FAQ¶
How can I use jaxparrow to estimate cyclogeostrophic currents for large observation or model datasets?¶
Dask is probably your best bet to handle large datasets that do not fit into (CPU or GPU) memory.
On a CPU backend, one can use a chunk size of 1 along the time dimension and map the call to minimization_based onto the dataset:
import dask
import jax.numpy as jnp
import numpy as np
import xarray as xr
from jaxparrow import minimization_based
def do_one_block(in_block):
mb_result = minimization_based(
lat_t=jnp.asarray(in_block.lat.values), lon_tjnp.asarray(in_block.lon.values),
ssh_t=jnp.asarray(in_block.ssh.values),
return_geos=True
)
ucg = mb_result.ucg
vcg = mb_result.vcg
ug = mb_result.ug
vg = mb_result.vg
out_block = xr.Dataset(
{
"ucg": (in_block.ssh.dims, np.asarray(ucg)[None, :, :]),
"vcg": (in_block.ssh.dims, np.asarray(vcg)[None, :, :]),
"ug": (in_block.ssh.dims, np.asarray(ug)[None, :, :]),
"vg": (in_block.ssh.dims, np.asarray(vg)[None, :, :]),
}
)
return out_block
nt = ds.time.size
ny = ds.lat.size
nx = ds.lon.size
empty_arr = dask.array.empty((nt, ny, nx), chunks=(1, ny, nx), dtype=np.float32)
template = xr.Dataset(
{
"ucg": (ds.ssh.dims, empty_arr),
"vcg": (ds.ssh.dims, empty_arr),
"ug": (ds.ssh.dims, empty_arr),
"vg": (ds.ssh.dims, empty_arr),
},
)
result = xr.map_blocks(do_one_block, ds, template=template)

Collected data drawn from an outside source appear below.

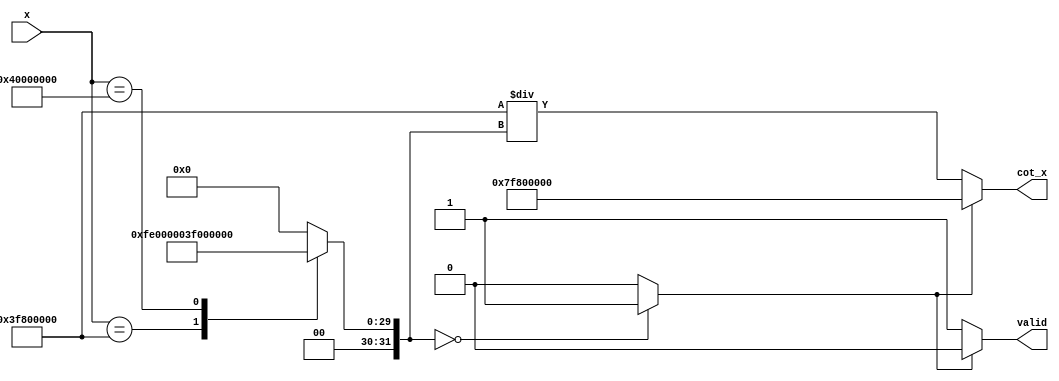
module cotangent (
    input wire [31:0] x,         // Input angle in radians (floating-point representation, IEEE 754)
    output reg [31:0] cot_x,     // Cotangent output (floating-point representation)
    output reg valid              // Output valid flag
);

    // Internal signals
    wire [31:0] tan_x;           // Tangent of x
    reg [31:0] reciprocal_tan;   // Reciprocal of tangent
    reg tan_zero;                // Flag for tangent being zero

    // Tangent calculation (simple example using a lookup table)
    function [31:0] tangent;
        input [31:0] angle;
        begin
            // Placeholder for tangent calculation (e.g., CORDIC, polynomial, or LUT)
            // For example purposes, we can assume a simple LUT for certain angles.
            case (angle)
                32'h00000000: tangent = 32'h00000000; // tan(0)
                32'h3F800000: tangent = 32'h3F800000; // tan(pi/4)
                32'h40000000: tangent = 32'h3F000000; // tan(pi/2 (approx))
                default: tangent = 32'h00000000;      // Default case
            endcase
        end
    endfunction

    always @(*) begin
        // Calculate tangent
        tan_x = tangent(x);

        // Check for zero tangent (odd multiples of pi/2)
        if (tan_x == 32'h00000000) begin
            tan_zero = 1'b1; // Set flag if tangent is zero
        end else begin
            tan_zero = 1'b0; // Tangent is not zero
        end

        // Calculate reciprocal if tangent is not zero
        if (!tan_zero) begin
            reciprocal_tan = 32'h3F800000 / tan_x; // Simple reciprocal calculation (assuming normalized values)
            cot_x = reciprocal_tan;
            valid = 1'b1; // Output is valid
        end else begin
            cot_x = 32'h7F800000; // Output infinity or undefined (assuming IEEE 754)
            valid = 1'b0; // Output is invalid
        end
    end
endmodule

result = result.assign_coords({
"time": ds.time,
"lat": (("y", "x"), ds.lat),
"lon": (("y", "x"), ds.lon),
})
result.to_zarr(OUT_PATH, compute=True, consolidated=False)
On a GPU backend, the previous approach can be combined with jax.vmap to further speed up computations by processing multiple time slices in parallel on the GPU:
import dask
import jax
import jax.numpy as jnp
import numpy as np
import xarray as xr
from jaxparrow.cyclogeostrophy import cyclogeostrophy
vmap_cyclogeostrophy = jax.vmap(
lambda ssh, lat, lon: minimization_based(lat_t=lat, lon_t=lon, ssh_t=ssh, return_geos=True),
in_axes=(0, None, None)
)
def do_one_block_vmap(in_block: xr.Dataset):
mb_result = vmap_cyclogeostrophy(
jnp.asarray(in_block.ssh.values), jnp.asarray(in_block.lat.values), jnp.asarray(in_block.lon.values)
)
ucg_3d = mb_result.uvg
vcg_3d = mb_result.vcg
ug_3d = mb_result.ug
vg_3d = mb_result.vg
out_block = xr.Dataset(
{
"ucg": (in_block.ssh.dims, np.asarray(ucg_3d)),
"vcg": (in_block.ssh.dims, np.asarray(vcg_3d)),
"ug": (in_block.ssh.dims, np.asarray(ug_3d)),
"vg": (in_block.ssh.dims, np.asarray(vg_3d)),
}
)
return out_block
nt = ds.time.size
ny = ds.lat.size
nx = ds.lon.size
empty_arr = dask.array.empty((nt, ny, nx), chunks=(BATCH_SIZE, ny, nx), dtype=np.float32)
template = xr.Dataset(
{
"ucg": (ds.ssh.dims, empty_arr),
"vcg": (ds.ssh.dims, empty_arr),
"ug": (ds.ssh.dims, empty_arr),
"vg": (ds.ssh.dims, empty_arr),
},
)
with dask.config.set(scheduler="synchronous"):
result = xr.map_blocks(do_one_block_vmap, ds, template=template)
result = result.assign_coords({
"time": ds.time,
"lat": (("y", "x"), ds.lat),
"lon": (("y", "x"), ds.lon),
})
result.to_zarr(OUT_PATH, compute=True, consolidated=False)
Note that in this case, you will need to force Dask to use the synchronous scheduler as JAX is not multi-threaded.
You can see this approach in action in the DUACS example.
I am getting very large current velocity estimates¶
From our experience, this can happen when the input SSH data contains unbalanced signals.
To mitigate this, we clip updates during the gradient descent minimization.
This is achieved using the optax.clip transformation:
import optax
optimizer = optax.chain(
optax.clip(1.0),
optax.adam(learning_rate=5e-3)
)
And then pass the optimizer object as the optim argument of the minimization_based function.
This is employed in the Pseudo-SWOT observations from eNATL60 model data example.
We also recommend using JAX floating point types with sufficient precision, e.g., float64:
import jax
jax.config.update("jax_enable_x64", True)